- Nildram - what have the actually done?
- Posted by Tx2 on October 30th, 2006
[duplicated to ADSLguide.org Nildram forum]
I am seeing several disgruntled messages being posted on ADSLguide.org
concerning Nildram.
It seems they have done 'something' which has annoyed rather a lot of
people.
From what I can gauge, they have a) been bought out by Pipex, and b)
are throttling certain types of traffic?
Can anyone enlarge on this, and ascertain whether it will affect me,
someone who uses only text based newsgroups; downloads an MP3 file once
a month; plays online games a few times a month, along with general
surfing, FTP of a website I maintain and email?
I've not noticed a difference i have to admit, but then again, i wasn't
looking that closely before as i am perhaps doing now.
Have Nildram been backhanded in the way they have implemented this
(which is one of the reasons why I left Plusnet)?
I was thinking of upgrading from my fixed 2Mb speed to ADSLmax, but
would I be wise to hold off or change ISP in light of the Pipex
'connection' (no pun intended) Are there still issues with ADSLmax
speeds? Can you re-grade from 'max' back to fixed?
I do prefer an ISP who gives access without limitation as to what speed
I will get from what service I am using (i.e. web, news, P2P) although
I don't mind being 'capped' - my current one is 50Gb... however, if
Nildram's changes are unlikely to affect me, then I'm relatively happy
to stay and upgrade with them.
Many questions, perhaps someone can provide some answers?
--
- Posted by Joe Lee on October 31st, 2006
"Tx2" <this.is.an.inv@lid_email_address.com> wrote in message
news:xn0et3avl20iah000@news.individual.net...

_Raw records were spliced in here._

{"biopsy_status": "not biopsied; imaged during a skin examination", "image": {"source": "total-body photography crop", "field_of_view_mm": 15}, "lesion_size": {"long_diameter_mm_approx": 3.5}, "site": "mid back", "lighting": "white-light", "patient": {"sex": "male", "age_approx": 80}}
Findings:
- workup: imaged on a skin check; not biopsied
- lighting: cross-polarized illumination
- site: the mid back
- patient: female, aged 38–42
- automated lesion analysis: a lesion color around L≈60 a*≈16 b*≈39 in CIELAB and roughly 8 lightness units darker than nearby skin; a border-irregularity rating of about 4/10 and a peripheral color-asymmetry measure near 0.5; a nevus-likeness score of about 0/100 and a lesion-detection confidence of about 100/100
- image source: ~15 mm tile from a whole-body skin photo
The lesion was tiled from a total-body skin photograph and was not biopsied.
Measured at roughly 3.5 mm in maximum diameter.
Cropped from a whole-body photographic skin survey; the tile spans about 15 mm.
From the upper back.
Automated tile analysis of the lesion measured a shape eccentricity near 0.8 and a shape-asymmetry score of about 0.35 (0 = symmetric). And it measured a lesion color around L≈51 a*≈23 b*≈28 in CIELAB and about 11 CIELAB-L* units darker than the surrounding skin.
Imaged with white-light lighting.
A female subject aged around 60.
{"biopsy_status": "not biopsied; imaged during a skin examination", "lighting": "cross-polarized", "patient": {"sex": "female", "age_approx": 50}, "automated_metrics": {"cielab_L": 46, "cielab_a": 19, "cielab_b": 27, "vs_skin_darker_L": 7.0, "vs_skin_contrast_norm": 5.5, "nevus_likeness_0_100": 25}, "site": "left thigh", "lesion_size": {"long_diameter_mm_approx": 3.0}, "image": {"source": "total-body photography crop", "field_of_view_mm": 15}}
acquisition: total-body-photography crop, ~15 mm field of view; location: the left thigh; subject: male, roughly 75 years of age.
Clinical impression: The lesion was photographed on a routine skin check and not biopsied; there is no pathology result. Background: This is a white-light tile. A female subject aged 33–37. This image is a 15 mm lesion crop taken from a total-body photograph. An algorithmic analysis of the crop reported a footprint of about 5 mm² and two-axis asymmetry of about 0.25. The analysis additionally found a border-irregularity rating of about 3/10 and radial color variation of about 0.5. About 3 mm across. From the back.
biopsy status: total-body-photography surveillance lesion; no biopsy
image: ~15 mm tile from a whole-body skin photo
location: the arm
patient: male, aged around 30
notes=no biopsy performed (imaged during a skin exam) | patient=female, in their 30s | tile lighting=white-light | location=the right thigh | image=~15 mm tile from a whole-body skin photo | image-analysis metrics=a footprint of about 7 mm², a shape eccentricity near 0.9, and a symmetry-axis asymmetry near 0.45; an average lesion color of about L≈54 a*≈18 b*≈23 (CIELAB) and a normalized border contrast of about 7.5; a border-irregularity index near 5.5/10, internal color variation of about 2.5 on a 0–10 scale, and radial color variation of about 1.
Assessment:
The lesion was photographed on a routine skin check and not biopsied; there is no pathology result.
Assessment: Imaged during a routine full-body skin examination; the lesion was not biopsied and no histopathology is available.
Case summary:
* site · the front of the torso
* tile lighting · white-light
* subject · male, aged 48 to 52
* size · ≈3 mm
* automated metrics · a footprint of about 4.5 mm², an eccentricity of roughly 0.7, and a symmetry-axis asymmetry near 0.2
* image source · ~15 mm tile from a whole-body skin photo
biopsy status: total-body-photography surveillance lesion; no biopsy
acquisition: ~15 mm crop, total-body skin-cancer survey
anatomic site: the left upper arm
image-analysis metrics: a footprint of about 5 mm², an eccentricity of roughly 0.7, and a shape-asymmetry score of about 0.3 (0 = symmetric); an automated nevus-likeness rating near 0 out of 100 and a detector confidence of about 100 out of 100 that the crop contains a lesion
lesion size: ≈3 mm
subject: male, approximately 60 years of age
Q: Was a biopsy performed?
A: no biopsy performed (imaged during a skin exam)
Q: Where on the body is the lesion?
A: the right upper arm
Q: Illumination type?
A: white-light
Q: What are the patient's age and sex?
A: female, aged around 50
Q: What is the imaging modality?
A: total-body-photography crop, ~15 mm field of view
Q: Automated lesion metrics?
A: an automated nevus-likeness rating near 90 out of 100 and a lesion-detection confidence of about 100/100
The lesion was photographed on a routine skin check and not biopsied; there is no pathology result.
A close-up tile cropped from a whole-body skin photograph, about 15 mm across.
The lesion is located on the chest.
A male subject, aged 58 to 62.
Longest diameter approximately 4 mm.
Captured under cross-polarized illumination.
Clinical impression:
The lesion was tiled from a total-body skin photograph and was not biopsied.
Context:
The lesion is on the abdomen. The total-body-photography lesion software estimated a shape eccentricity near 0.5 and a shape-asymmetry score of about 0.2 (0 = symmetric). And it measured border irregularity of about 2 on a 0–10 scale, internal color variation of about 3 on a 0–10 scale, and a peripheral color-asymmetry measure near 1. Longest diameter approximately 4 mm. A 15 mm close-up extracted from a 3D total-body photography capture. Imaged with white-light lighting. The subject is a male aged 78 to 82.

Can't be much help except to say that Pipex bought Nildram in Aug. 2004. I
have always thought that Nildram had been alone by their parent Company.
Probably worth asking them directly about whether & the extent to which they
might be throttling services.
Then see whether you're satisfied with the response & the speeds/service you
get.
Joe Lee
- Posted by NoNeedToKnow on October 31st, 2006
On 30 Oct 2006, "Tx2" <this.is.an.inv@lid_email_address.com> wrote:
If you've not noticed, have limited downloading needs, and use mail and
surfing, but see no slowness/degradation, why not give it a little bit
more time. It certainly doesn't seem you're affected by any changes.
I was just reading comments on www.dslzoneuk.net about Eclipse, which I
am using, and the 'gone downhill' view is quite widespread, but having
downloaded a couple of GB in the last day (backlog of podcasts, etc),
the negative comments (and low overall score, placing Eclipse near
TT and Tiscali, and just a couple of placings below Nildram) makes
me think that the vote makers are mostly heavy users, really seeing
some degradation compared with months ago, before Ellacoya style kit
was put into place, and are just venting their anger with 0/5 marking
once they are ready to get a MAC (or when they have moved on).
Anyway for my 14.99 on DSL Max (with a 20 GB "peak hours" limit), I've
no complaints - I often do other things in "peak hours" (1800-0000) so
that limit doesn't cause a problem for me, and they offer 30 GB (peak)
for a fee of 18.99 with higher levels available for those who are going
to use the internet most in the evenings (or are heavy users anyway).
Plenty of negative comments about Eclipse (and have been for months)
but generally those with no problems are nowhere to be seen, same
as for most other ISPs, really.
- Posted by ato_zee@hotmail.com on October 31st, 2006
On 31-Oct-2006, "Joe Lee" <invalid@noaddress> wrote:
Customer service has also gone to pot.
There was a time when you could speak to a friendly human contact,
now it's the nightmare of call centre queues.